--- START ---

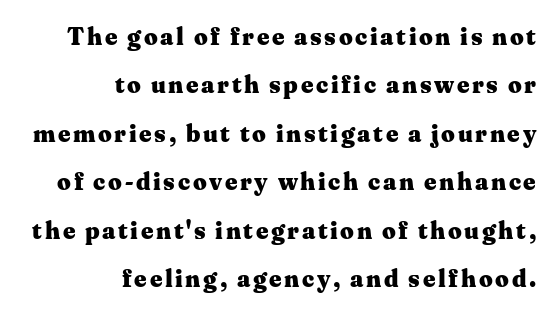
Q: Is the text bold? A: Yes.
Q: Is the text italic (slanted)? A: No, it is upright.
Q: Is the text underlined? A: No.
Q: How is the paragraph aligned? A: Right-aligned.
Q: Is the spacing between lines tight, normal or loose? A: Loose.
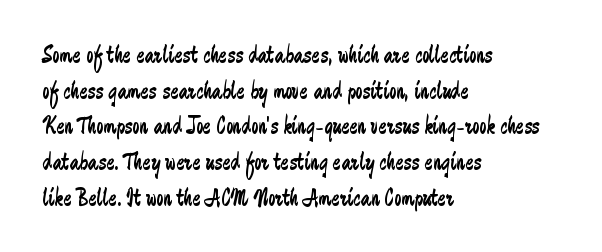
The image shows 25 px text type; set left-aligned, normal line spacing (1.43x), normal letter spacing, not underlined.
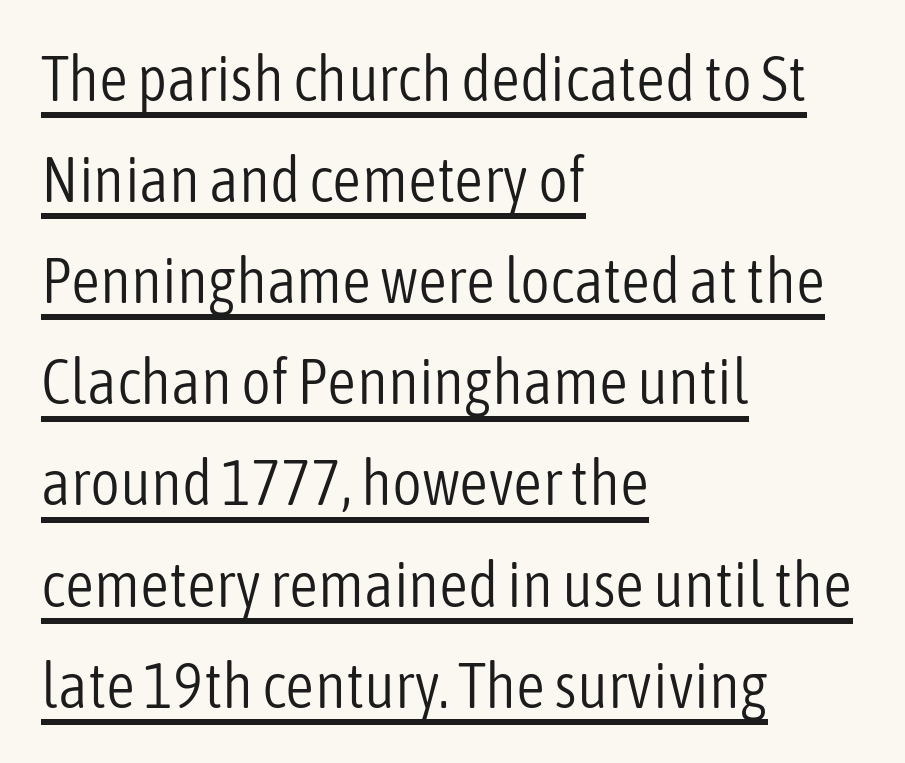
{"serif": "no", "italic": "no", "bold": "no", "weight": "light", "width": "condensed", "stroke_contrast": "low", "x_height": "medium", "monospaced": "no", "underline": "yes", "align": "left", "line_spacing": "normal", "line_spacing_ratio": 1.58, "letter_spacing": "normal", "letter_spacing_em": 0.0, "glyph_px": 64}
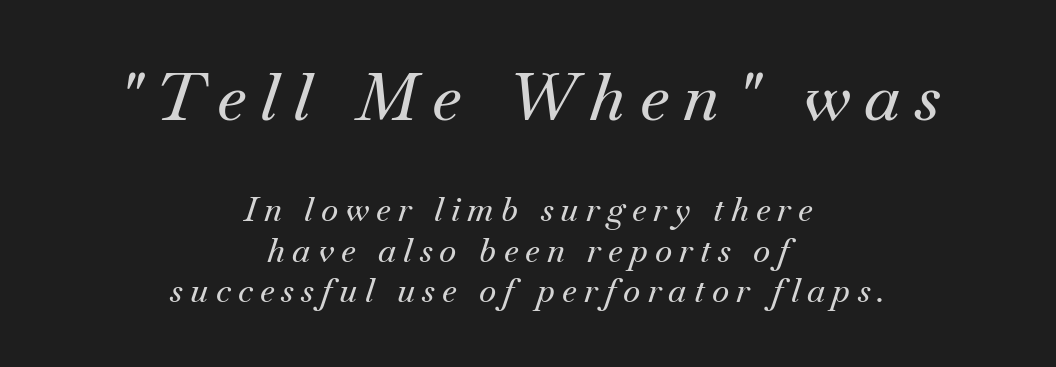
Each letter keeps its own natural width here, so spacing adapts to shape. The letters in the upper block stand taller than those in the block below. Honestly, the letter spacing is so wide it's the main thing you notice. These lines were composed using italics.
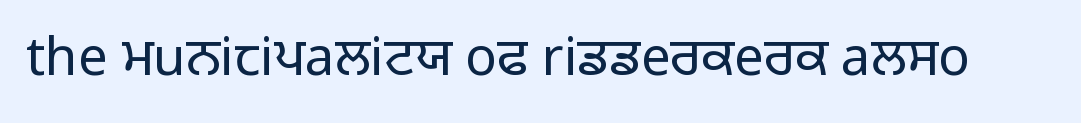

--- END ---

What belongs in the answer is each line above from the line with "Q: How is the" to the line with "The image shows", inclusive, reproduced exactly and free of pictures.

• RESULT:
Q: How is the paragraph aligned? A: Right-aligned.
Q: Is the spacing between lines tight, normal or loose? A: Loose.
The image shows 25 px text type; set left-aligned, normal line spacing (1.43x), normal letter spacing, not underlined.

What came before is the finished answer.